Reputation: 963
I am having difficulty executing a calculation that is defined iteratively. The following data serves as an example (actual data set much larger):
## DATA ##
# Columns
Individual<-c("A","B","C","D","E","F","G","H1","H2","H3","H4","H5","K1","K2","K3","K4","K5")

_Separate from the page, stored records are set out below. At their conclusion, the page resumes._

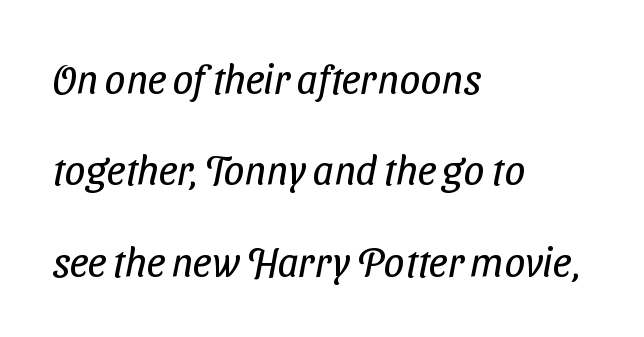
The image shows 41 px regular-weight, condensed sans-serif type; set left-aligned, loose line spacing (2.23x), normal letter spacing, not underlined; low stroke contrast and a medium x-height.
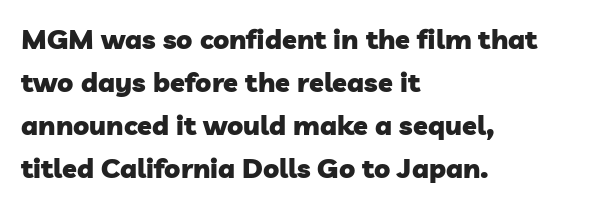
The image shows 27 px bold type; set left-aligned, normal line spacing (1.59x), normal letter spacing, not underlined.
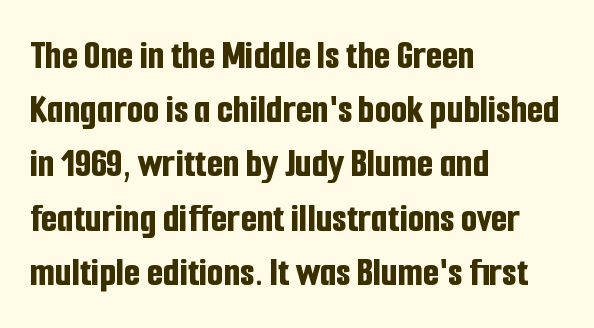
The image shows 42 px bold, condensed sans-serif type, upright; set left-aligned, normal line spacing (1.29x), normal letter spacing, not underlined; low stroke contrast and a medium x-height.
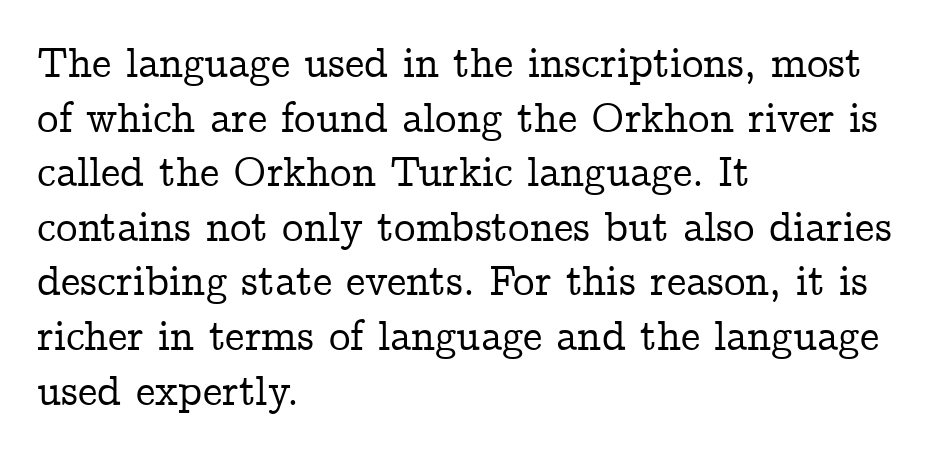
Q: Is the text italic (slanted)? A: No, it is upright.
Q: Is the typeface a serif or a sans-serif typeface? A: Serif.
Q: Is the text underlined? A: No.
Q: How is the paragraph aligned? A: Left-aligned.
Q: Is the spacing between letters normal or unusually wide? A: Normal.
Q: Is the spacing between lines tight, normal or loose? A: Normal.
Q: Width (condensed, normal, or wide)? A: Normal.
Q: Stroke contrast? A: Low.
Q: x-height? A: Medium.
Q: Monospaced? A: No.
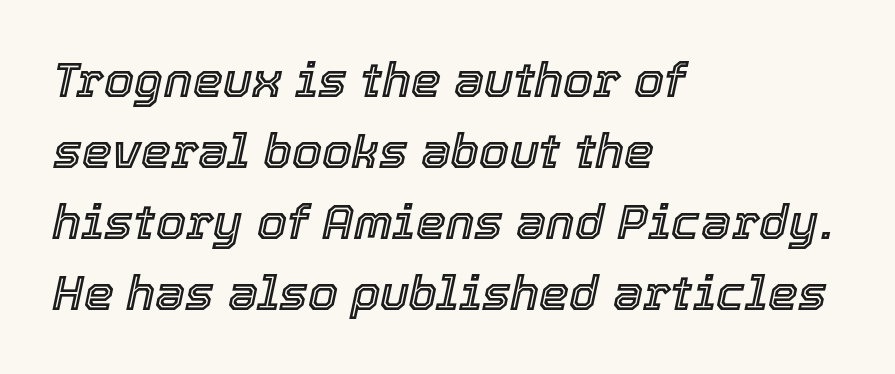
Q: Is the text italic (slanted)? A: Yes, it leans right by about 12 degrees.
Q: Is the text underlined? A: No.
Q: How is the paragraph aligned? A: Left-aligned.
Q: Is the spacing between letters normal or unusually wide? A: Normal.
Q: Is the spacing between lines tight, normal or loose? A: Normal.
Q: Width (condensed, normal, or wide)? A: Normal.
Q: x-height? A: Medium.
Q: Monospaced? A: No.
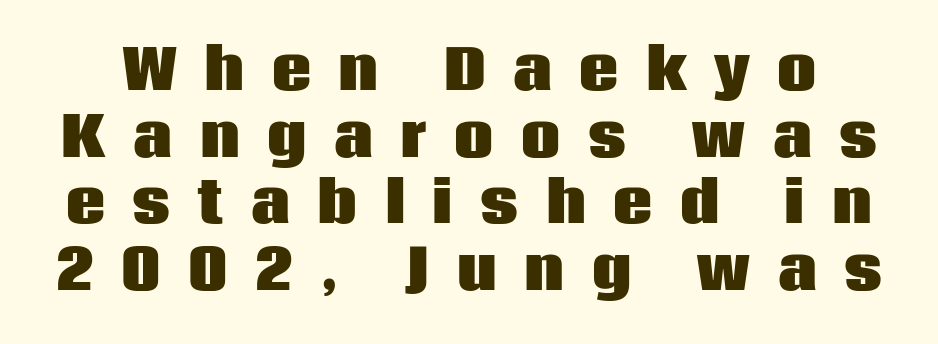
{"serif": "no", "italic": "no", "bold": "yes", "weight": "heavy", "width": "normal", "stroke_contrast": "low", "x_height": "large", "monospaced": "no", "underline": "no", "line_spacing_ratio": 1.21, "letter_spacing": "wide", "letter_spacing_em": 0.5, "glyph_px": 55}
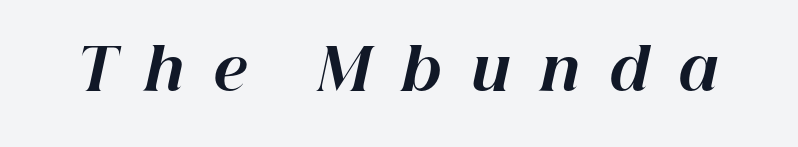
{"italic": "yes", "lean": "right", "slant_degrees": 12, "bold": "yes", "weight": "bold", "width": "normal", "stroke_contrast": "high", "x_height": "medium", "monospaced": "no", "underline": "no", "letter_spacing": "wide", "letter_spacing_em": 0.5, "glyph_px": 58}
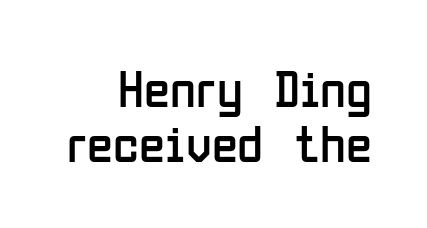
The vertical gap from one line to the next is small. Typeset ragged left — the right edge is the straight one. Words appear dense and cohesive because spacing is normal. In terms of posture, this sample is upright. The strokes are not fattened; the text isn't bold.
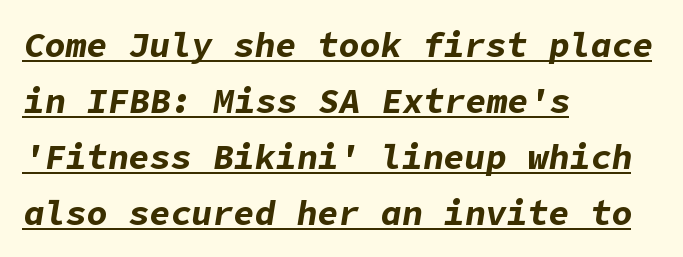
The rendered words wear a rule along their underside. Observe the ordinary spacing: letters are neighbours, not strangers. Weight check: bold — yes, fully. The typography opts for an oblique posture over an upright one.
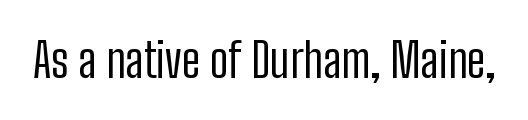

P1<-c(0,0,"A",0,"C","C",0, rep("E",5),"H1","H2","H3","H4","H5")
P2<-c(0,0,"B",0,"D", "E",0,rep("G",5),"H1","H2","H3","H4","H5")
# Dataframe
myd<-data.frame(Individual,P1,P2,stringsAsFactors=FALSE)
Individual P1 P2
1 A 0 0
2 B 0 0
3 C A B
4 D 0 0
5 E C D
6 F C E
7 G 0 0
8 H1 E G
9 H2 E G
10 H3 E G
11 H4 E G
12 H5 E G
13 K1 H1 H1
14 K2 H2 H2
15 K3 H3 H3
16 K4 H4 H4
17 K5 H5 H5
The data represents the relationship between and Individual and the two parents, P1
, P2
.
The calculation required, labeled relationA
, represents how much each individual is related to A.
By definition, the relationship between A and A is given a value of 1. The values for all other individuals need to be computed based on the information in the table, as follows:
The value of relationA for an individual should be equal to
1/2 (the value of relationA of P1 of the individual)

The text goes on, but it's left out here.